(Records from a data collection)
=== Section Start ===
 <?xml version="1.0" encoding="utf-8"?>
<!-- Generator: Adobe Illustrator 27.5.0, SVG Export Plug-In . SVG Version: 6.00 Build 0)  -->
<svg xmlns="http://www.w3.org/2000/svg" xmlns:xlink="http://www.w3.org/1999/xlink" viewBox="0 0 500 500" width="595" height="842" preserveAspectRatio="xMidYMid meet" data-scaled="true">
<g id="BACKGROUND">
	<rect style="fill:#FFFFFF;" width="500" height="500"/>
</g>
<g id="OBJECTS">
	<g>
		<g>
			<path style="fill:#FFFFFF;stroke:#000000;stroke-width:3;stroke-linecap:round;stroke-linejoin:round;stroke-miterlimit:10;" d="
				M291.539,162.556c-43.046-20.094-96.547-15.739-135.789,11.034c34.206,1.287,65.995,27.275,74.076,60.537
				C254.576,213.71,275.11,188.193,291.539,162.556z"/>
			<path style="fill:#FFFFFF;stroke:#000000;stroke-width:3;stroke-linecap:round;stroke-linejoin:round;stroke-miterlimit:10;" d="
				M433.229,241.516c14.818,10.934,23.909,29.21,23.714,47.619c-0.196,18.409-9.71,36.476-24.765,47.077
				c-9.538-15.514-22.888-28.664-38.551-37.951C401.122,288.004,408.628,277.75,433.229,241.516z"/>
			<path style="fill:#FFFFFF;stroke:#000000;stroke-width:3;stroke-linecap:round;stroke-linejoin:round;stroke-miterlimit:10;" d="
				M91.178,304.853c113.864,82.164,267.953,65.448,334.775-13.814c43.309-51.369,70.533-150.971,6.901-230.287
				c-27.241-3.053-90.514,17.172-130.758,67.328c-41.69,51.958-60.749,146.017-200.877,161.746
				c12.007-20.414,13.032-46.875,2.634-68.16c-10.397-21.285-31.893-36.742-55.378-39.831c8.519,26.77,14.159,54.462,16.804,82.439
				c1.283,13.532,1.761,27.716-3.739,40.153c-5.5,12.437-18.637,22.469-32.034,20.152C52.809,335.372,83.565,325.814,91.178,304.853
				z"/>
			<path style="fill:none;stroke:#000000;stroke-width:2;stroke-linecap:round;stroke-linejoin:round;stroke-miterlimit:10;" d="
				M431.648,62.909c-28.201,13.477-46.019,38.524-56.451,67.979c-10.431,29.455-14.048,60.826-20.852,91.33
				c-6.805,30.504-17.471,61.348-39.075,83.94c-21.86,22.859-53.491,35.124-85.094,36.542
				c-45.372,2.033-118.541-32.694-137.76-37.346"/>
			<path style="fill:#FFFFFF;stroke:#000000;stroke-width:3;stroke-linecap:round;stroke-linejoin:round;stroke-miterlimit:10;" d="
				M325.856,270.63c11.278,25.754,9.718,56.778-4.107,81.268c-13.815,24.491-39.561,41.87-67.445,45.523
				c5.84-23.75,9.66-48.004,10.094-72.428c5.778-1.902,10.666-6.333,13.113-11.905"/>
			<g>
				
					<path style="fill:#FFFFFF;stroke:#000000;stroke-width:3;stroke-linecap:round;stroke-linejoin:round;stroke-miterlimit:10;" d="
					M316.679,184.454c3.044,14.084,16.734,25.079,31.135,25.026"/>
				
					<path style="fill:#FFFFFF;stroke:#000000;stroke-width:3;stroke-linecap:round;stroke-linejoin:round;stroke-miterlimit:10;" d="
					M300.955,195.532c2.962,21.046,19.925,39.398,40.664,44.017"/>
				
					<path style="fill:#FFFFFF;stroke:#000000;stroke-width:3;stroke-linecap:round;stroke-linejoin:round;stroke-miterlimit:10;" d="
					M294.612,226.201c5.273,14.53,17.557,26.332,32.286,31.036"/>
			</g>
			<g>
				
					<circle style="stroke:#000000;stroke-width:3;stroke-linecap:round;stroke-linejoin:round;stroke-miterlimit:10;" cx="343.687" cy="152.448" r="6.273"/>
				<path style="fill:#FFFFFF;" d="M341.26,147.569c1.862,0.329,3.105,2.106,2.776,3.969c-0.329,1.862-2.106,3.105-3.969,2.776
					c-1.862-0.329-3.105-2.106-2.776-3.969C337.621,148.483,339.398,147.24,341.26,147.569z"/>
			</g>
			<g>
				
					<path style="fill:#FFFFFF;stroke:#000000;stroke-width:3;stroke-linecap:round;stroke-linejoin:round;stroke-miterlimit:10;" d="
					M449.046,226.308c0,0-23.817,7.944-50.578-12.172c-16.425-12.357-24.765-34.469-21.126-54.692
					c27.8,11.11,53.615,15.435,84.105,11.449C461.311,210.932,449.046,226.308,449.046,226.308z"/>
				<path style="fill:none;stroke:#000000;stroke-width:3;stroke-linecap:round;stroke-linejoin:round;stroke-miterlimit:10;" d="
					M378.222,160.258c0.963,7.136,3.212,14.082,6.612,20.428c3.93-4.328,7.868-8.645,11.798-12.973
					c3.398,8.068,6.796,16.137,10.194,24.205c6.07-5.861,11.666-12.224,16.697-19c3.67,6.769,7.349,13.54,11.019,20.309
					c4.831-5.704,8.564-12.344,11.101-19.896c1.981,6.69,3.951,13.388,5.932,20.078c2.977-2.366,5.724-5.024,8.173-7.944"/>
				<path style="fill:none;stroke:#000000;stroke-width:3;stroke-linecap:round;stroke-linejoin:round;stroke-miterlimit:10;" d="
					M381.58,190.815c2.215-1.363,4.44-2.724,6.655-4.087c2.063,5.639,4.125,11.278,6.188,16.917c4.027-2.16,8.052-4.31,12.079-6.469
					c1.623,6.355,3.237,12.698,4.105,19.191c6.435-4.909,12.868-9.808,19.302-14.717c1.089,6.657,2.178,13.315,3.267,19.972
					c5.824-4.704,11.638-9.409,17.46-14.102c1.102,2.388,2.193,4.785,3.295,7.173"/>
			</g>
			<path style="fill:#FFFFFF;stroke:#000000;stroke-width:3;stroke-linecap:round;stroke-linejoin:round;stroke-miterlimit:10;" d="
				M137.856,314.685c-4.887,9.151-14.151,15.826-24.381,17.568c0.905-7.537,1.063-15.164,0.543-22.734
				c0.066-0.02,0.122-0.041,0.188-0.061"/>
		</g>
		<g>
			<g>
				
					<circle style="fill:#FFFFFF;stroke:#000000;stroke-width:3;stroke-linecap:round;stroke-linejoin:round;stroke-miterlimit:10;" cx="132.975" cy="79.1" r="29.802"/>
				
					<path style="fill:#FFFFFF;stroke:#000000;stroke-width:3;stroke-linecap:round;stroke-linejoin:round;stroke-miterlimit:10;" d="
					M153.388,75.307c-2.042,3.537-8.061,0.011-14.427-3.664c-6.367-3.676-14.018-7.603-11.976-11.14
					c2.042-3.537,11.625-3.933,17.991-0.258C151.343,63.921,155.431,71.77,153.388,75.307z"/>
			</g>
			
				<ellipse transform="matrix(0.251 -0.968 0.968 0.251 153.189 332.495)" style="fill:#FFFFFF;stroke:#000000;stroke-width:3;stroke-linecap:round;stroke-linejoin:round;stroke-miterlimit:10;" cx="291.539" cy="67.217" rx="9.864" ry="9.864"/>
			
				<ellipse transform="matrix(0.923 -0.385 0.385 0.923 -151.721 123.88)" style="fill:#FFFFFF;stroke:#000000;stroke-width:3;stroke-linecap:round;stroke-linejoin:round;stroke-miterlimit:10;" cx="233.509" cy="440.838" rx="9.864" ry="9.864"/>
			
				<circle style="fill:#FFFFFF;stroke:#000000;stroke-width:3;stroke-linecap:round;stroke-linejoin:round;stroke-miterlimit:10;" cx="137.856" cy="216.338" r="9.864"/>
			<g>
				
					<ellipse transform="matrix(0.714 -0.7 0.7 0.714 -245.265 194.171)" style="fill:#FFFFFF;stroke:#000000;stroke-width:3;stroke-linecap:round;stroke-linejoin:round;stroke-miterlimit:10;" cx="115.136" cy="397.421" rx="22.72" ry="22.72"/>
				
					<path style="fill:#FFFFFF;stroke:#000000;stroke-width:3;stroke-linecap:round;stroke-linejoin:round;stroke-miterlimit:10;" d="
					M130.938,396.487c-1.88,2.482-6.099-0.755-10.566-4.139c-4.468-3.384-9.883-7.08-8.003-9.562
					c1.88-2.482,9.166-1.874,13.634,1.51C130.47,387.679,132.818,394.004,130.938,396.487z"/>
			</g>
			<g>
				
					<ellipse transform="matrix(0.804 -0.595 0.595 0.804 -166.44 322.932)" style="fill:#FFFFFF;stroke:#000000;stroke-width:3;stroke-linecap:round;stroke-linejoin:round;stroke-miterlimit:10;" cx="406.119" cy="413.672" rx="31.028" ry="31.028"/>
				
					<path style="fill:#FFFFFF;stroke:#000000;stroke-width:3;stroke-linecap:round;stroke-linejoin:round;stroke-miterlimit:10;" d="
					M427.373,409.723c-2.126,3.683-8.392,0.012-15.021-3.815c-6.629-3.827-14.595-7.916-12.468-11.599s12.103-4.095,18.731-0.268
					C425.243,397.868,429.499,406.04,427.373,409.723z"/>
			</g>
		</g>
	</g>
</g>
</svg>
=== Section End ===
--- How to complete this task ---
The answer should be one number, the count of lines above that contain "circle".

--- Reply ---
3